WHAT IS BEING ASKED ->
Each line of the material below with the word "surface" is to be reported.

INPUT MATERIAL ->
────────────────────────────────────────

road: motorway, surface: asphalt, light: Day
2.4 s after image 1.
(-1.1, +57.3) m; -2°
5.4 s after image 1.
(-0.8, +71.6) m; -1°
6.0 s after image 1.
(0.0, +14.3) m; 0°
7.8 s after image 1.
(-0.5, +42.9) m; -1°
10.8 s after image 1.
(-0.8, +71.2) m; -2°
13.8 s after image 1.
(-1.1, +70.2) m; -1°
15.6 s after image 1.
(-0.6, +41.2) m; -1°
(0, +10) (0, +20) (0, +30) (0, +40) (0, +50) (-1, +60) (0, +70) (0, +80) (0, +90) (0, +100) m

────────────────────────────────────────

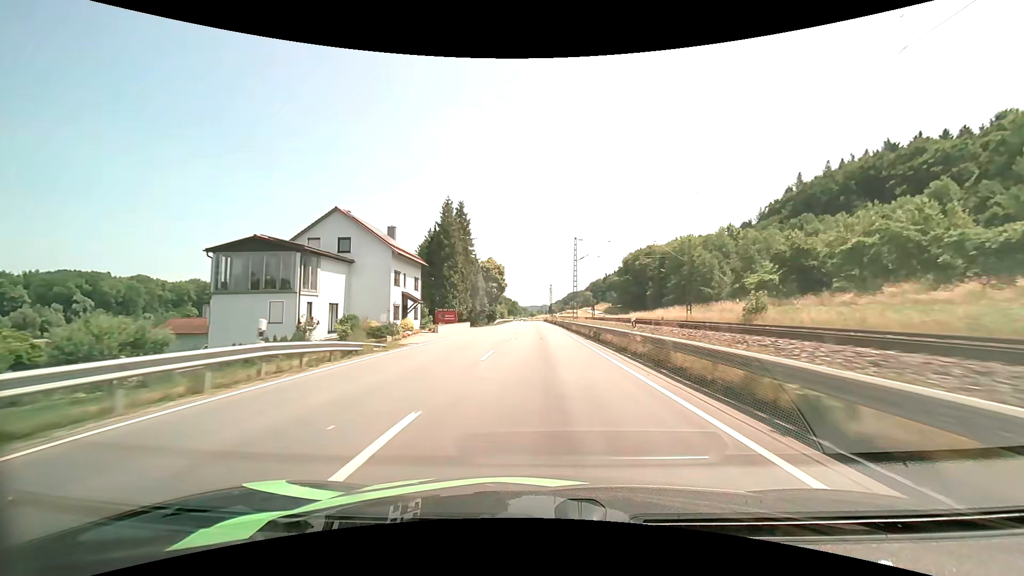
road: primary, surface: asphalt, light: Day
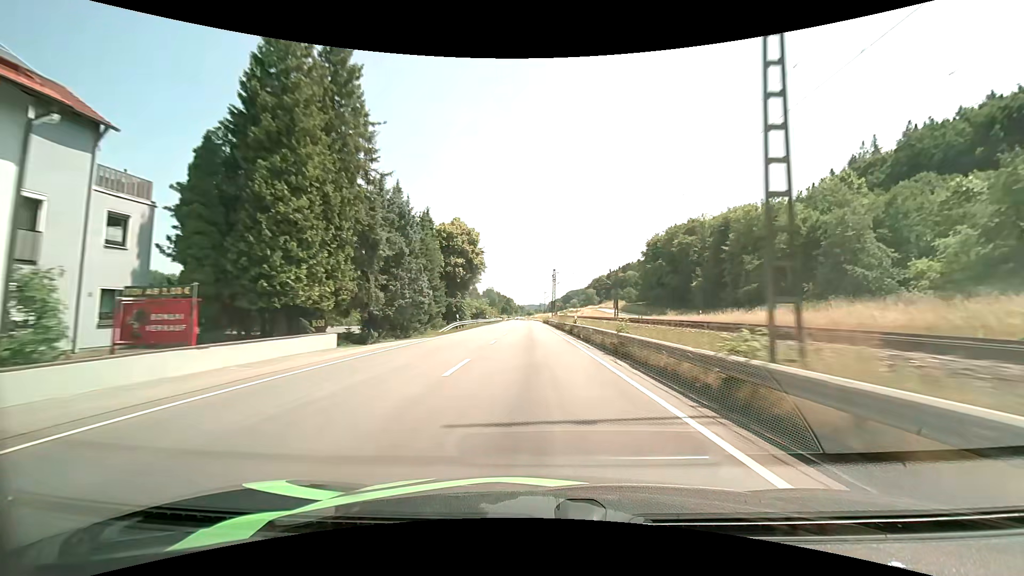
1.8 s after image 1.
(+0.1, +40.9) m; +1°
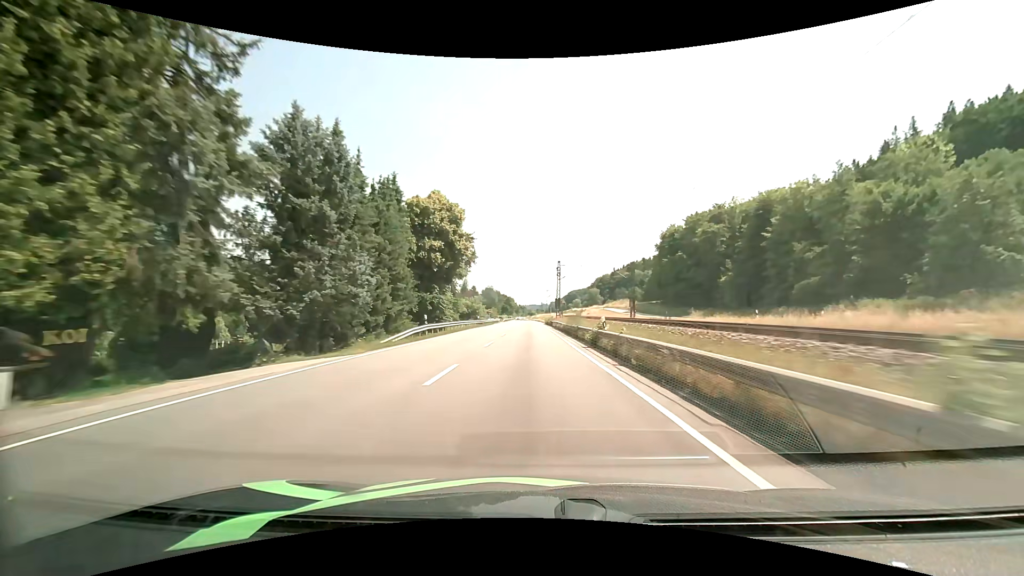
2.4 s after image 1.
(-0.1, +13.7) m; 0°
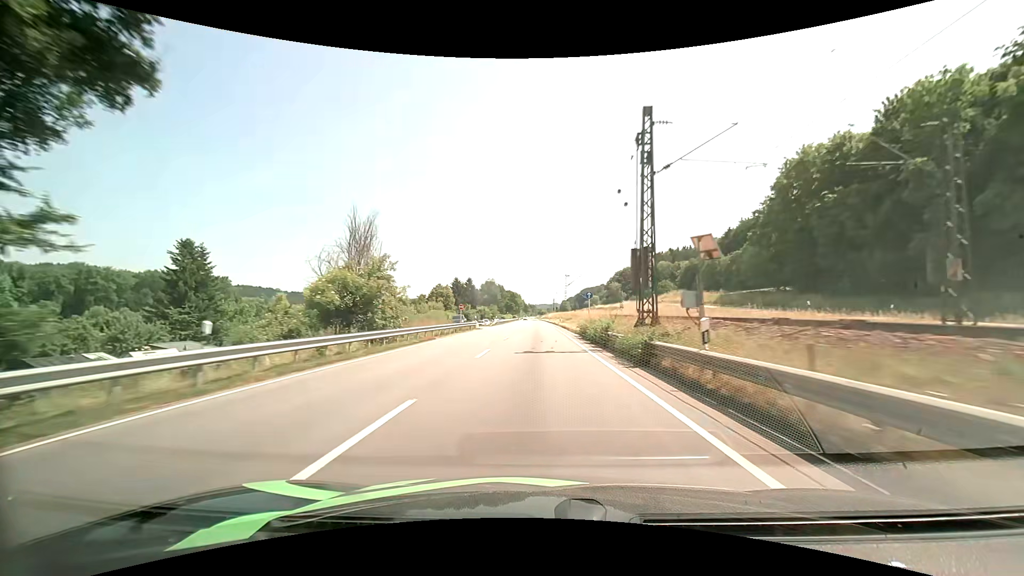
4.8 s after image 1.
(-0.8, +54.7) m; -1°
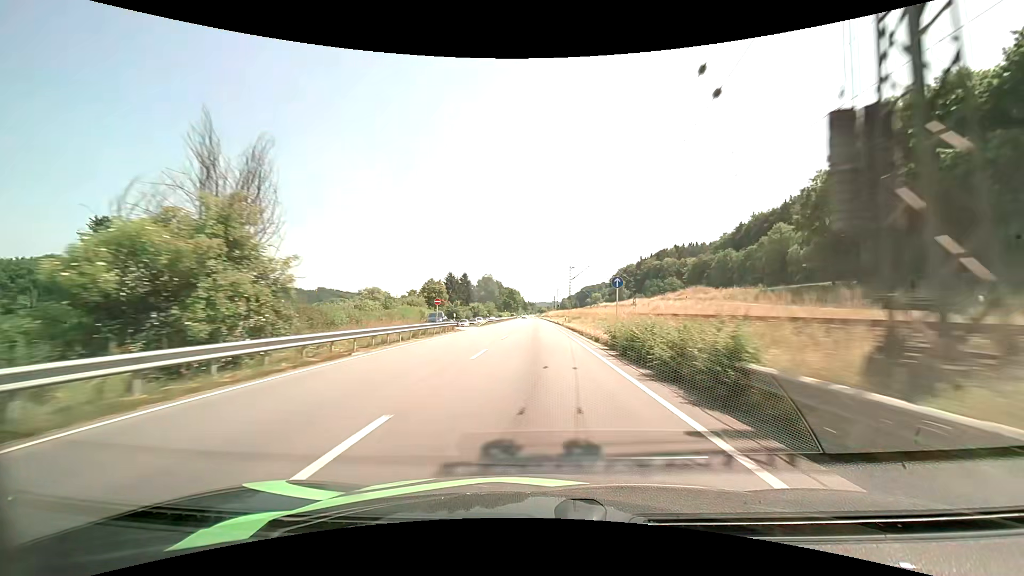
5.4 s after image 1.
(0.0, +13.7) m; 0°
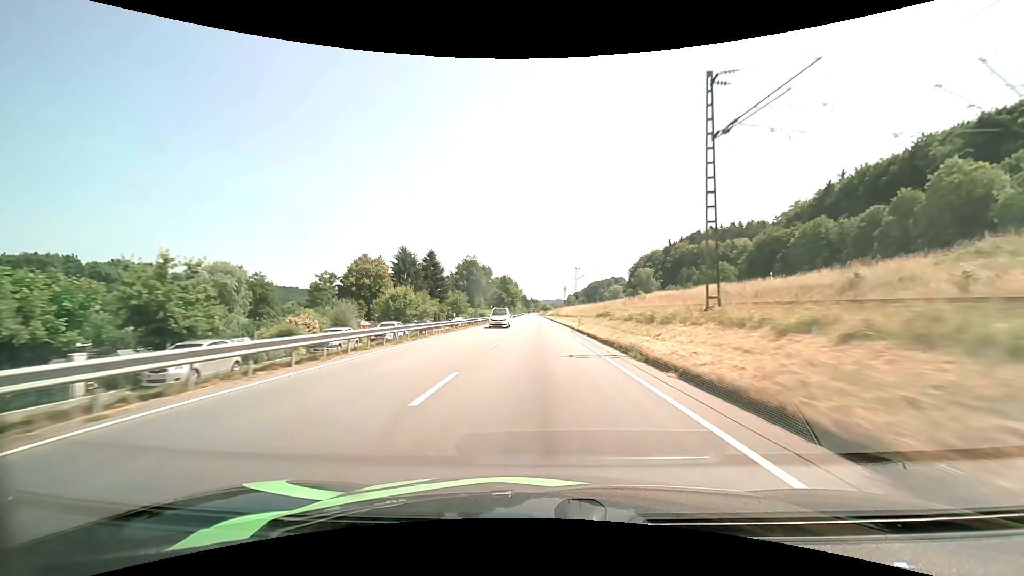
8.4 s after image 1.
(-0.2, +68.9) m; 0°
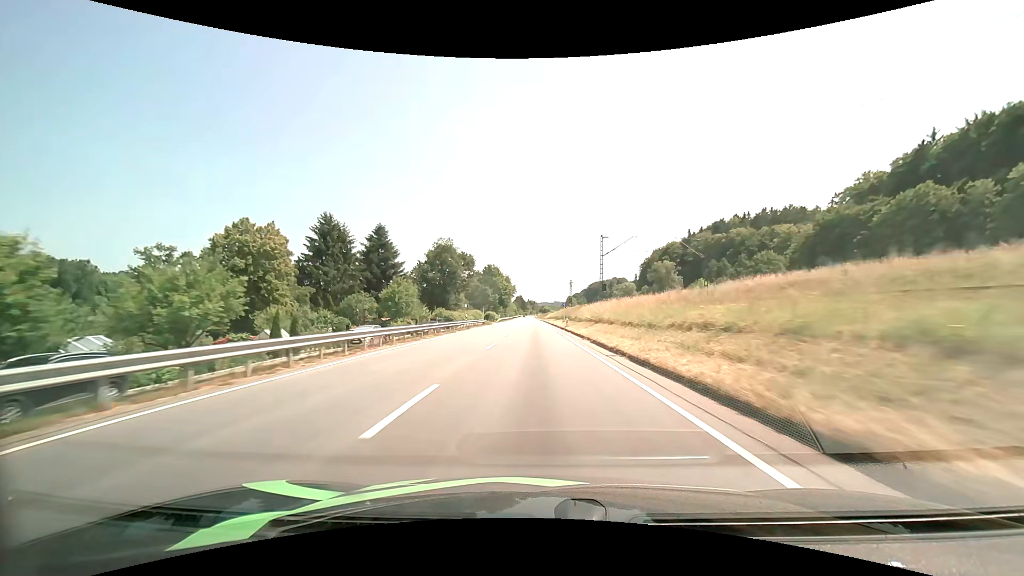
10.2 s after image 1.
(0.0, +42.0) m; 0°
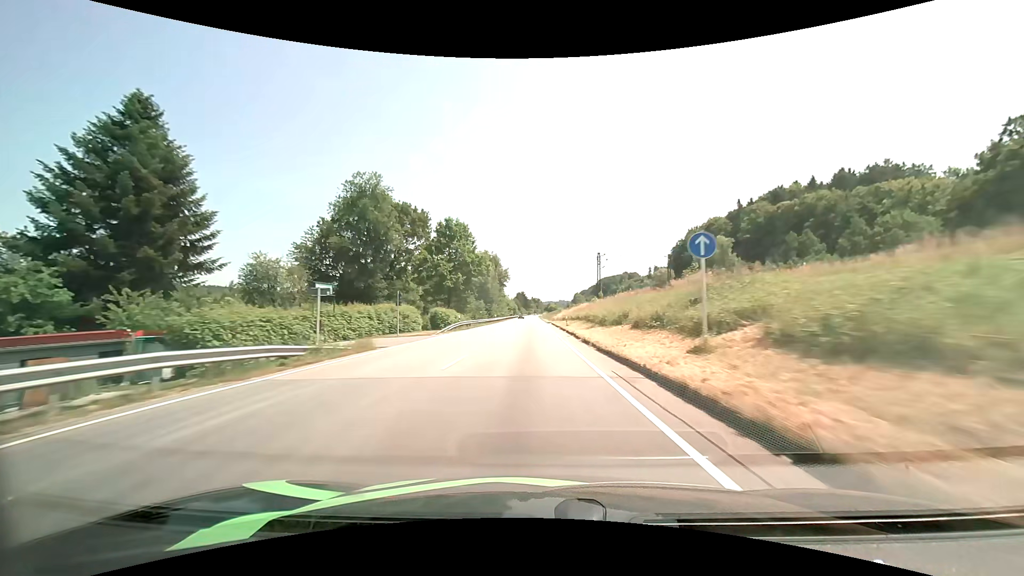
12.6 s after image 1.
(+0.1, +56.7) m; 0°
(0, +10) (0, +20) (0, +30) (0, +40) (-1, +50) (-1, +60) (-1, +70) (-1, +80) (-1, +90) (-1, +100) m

────────────────────────────────────────

TASK RESPONSE ->
road: motorway, surface: asphalt, light: Day
road: primary, surface: asphalt, light: Day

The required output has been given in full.